THE PROBLEM: Please reproduce the entries exactly, skipping each picture.

DATA LISTING:
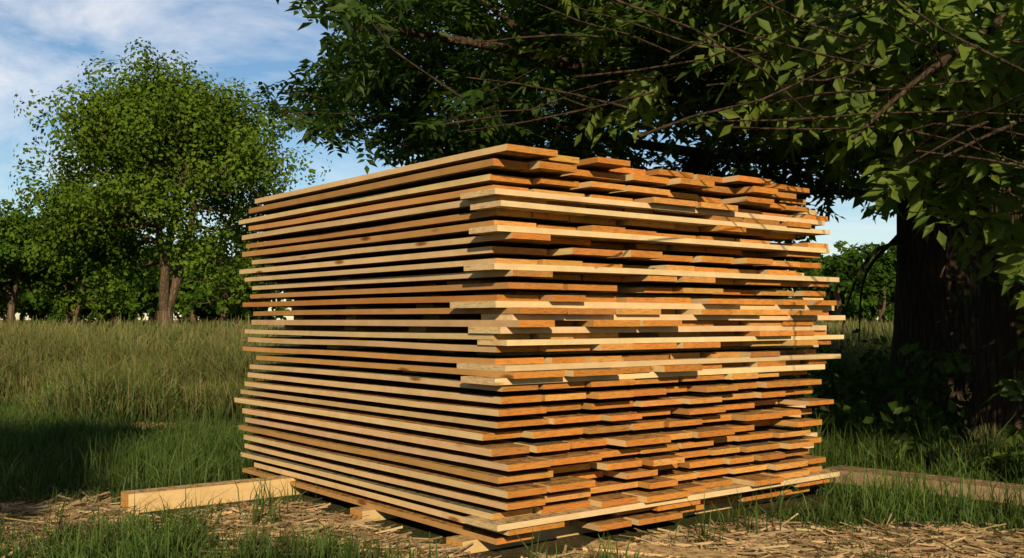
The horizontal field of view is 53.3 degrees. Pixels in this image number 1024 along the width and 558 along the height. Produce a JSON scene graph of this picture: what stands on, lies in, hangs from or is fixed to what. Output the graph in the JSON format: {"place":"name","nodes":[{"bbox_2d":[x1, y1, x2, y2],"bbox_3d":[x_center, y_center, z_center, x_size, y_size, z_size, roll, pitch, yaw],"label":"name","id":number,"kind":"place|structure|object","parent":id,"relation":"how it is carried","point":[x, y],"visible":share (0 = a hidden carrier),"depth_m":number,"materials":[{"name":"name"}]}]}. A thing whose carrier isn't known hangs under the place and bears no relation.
{"place":"outdoors","nodes":[
{"label":"outdoors","id":0,"kind":"place"},
{"bbox_2d":[0,0,982,319],"label":"sky","id":1,"kind":"structure","parent":0,"point":[43,43],"materials":[{"name":"blue"}]},
{"bbox_2d":[0,313,1023,557],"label":"grass","id":2,"kind":"structure","parent":0,"point":[82,391],"depth_m":6.14,"materials":[{"name":"green plant"}]},
{"bbox_2d":[0,320,1023,557],"bbox_3d":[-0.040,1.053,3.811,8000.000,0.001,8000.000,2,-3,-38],"label":"ground","id":3,"kind":"structure","parent":0,"point":[421,530],"depth_m":4.49,"materials":[{"name":"brown soil"}]},
{"bbox_2d":[0,37,331,329],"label":"trees","id":4,"kind":"object","parent":3,"relation":"on","point":[126,115],"depth_m":42.99,"materials":[{"name":"green plant"}]},
{"bbox_2d":[0,198,896,324],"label":"tree line","id":5,"kind":"object","parent":3,"relation":"on","point":[845,266],"depth_m":94.17,"materials":[{"name":"green plant"}]},
{"bbox_2d":[121,144,844,553],"bbox_3d":[-0.133,0.332,5.307,3.267,1.566,2.604,2,-3,-38],"label":"lumber stack","id":6,"kind":"object","parent":3,"relation":"on","point":[503,346],"visible":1,"depth_m":4.46,"materials":[{"name":"brown wood"}]},
{"bbox_2d":[0,408,1023,557],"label":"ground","id":7,"kind":"structure","parent":3,"relation":"on","point":[796,541],"depth_m":4.12,"materials":[{"name":"brown soil"}]},
{"bbox_2d":[238,0,1023,483],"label":"tree","id":8,"kind":"object","parent":3,"relation":"on","point":[364,56],"depth_m":6.72,"materials":[{"name":"green plant"}]},
{"bbox_2d":[583,540,736,557],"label":"wooden board","id":9,"kind":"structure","parent":3,"relation":"on","point":[659,550],"depth_m":3.80,"materials":[{"name":"brown wood"}]},
{"bbox_2d":[777,216,1023,464],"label":"undergrowth","id":10,"kind":"object","parent":3,"relation":"on","point":[862,384],"depth_m":7.09,"materials":[{"name":"green plant"}]},
{"bbox_2d":[824,465,1023,505],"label":"wooden beam","id":11,"kind":"structure","parent":3,"relation":"on","point":[846,470],"depth_m":5.25,"materials":[{"name":"brown wood"}]}
]}

ANSWER SECTION:
The horizontal field of view is 53.3 degrees. Pixels in this image number 1024 along the width and 558 along the height. Produce a JSON scene graph of this picture: what stands on, lies in, hangs from or is fixed to what. Output the graph in the JSON format: {"place":"name","nodes":[{"bbox_2d":[x1, y1, x2, y2],"bbox_3d":[x_center, y_center, z_center, x_size, y_size, z_size, roll, pitch, yaw],"label":"name","id":number,"kind":"place|structure|object","parent":id,"relation":"how it is carried","point":[x, y],"visible":share (0 = a hidden carrier),"depth_m":number,"materials":[{"name":"name"}]}]}. A thing whose carrier isn't known hangs under the place and bears no relation.
{"place":"outdoors","nodes":[
{"label":"outdoors","id":0,"kind":"place"},
{"bbox_2d":[0,0,982,319],"label":"sky","id":1,"kind":"structure","parent":0,"point":[43,43],"materials":[{"name":"blue"}]},
{"bbox_2d":[0,313,1023,557],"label":"grass","id":2,"kind":"structure","parent":0,"point":[82,391],"depth_m":6.14,"materials":[{"name":"green plant"}]},
{"bbox_2d":[0,320,1023,557],"bbox_3d":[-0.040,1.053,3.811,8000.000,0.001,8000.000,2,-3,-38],"label":"ground","id":3,"kind":"structure","parent":0,"point":[421,530],"depth_m":4.49,"materials":[{"name":"brown soil"}]},
{"bbox_2d":[0,37,331,329],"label":"trees","id":4,"kind":"object","parent":3,"relation":"on","point":[126,115],"depth_m":42.99,"materials":[{"name":"green plant"}]},
{"bbox_2d":[0,198,896,324],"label":"tree line","id":5,"kind":"object","parent":3,"relation":"on","point":[845,266],"depth_m":94.17,"materials":[{"name":"green plant"}]},
{"bbox_2d":[121,144,844,553],"bbox_3d":[-0.133,0.332,5.307,3.267,1.566,2.604,2,-3,-38],"label":"lumber stack","id":6,"kind":"object","parent":3,"relation":"on","point":[503,346],"visible":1,"depth_m":4.46,"materials":[{"name":"brown wood"}]},
{"bbox_2d":[0,408,1023,557],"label":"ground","id":7,"kind":"structure","parent":3,"relation":"on","point":[796,541],"depth_m":4.12,"materials":[{"name":"brown soil"}]},
{"bbox_2d":[238,0,1023,483],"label":"tree","id":8,"kind":"object","parent":3,"relation":"on","point":[364,56],"depth_m":6.72,"materials":[{"name":"green plant"}]},
{"bbox_2d":[583,540,736,557],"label":"wooden board","id":9,"kind":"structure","parent":3,"relation":"on","point":[659,550],"depth_m":3.80,"materials":[{"name":"brown wood"}]},
{"bbox_2d":[777,216,1023,464],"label":"undergrowth","id":10,"kind":"object","parent":3,"relation":"on","point":[862,384],"depth_m":7.09,"materials":[{"name":"green plant"}]},
{"bbox_2d":[824,465,1023,505],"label":"wooden beam","id":11,"kind":"structure","parent":3,"relation":"on","point":[846,470],"depth_m":5.25,"materials":[{"name":"brown wood"}]}
]}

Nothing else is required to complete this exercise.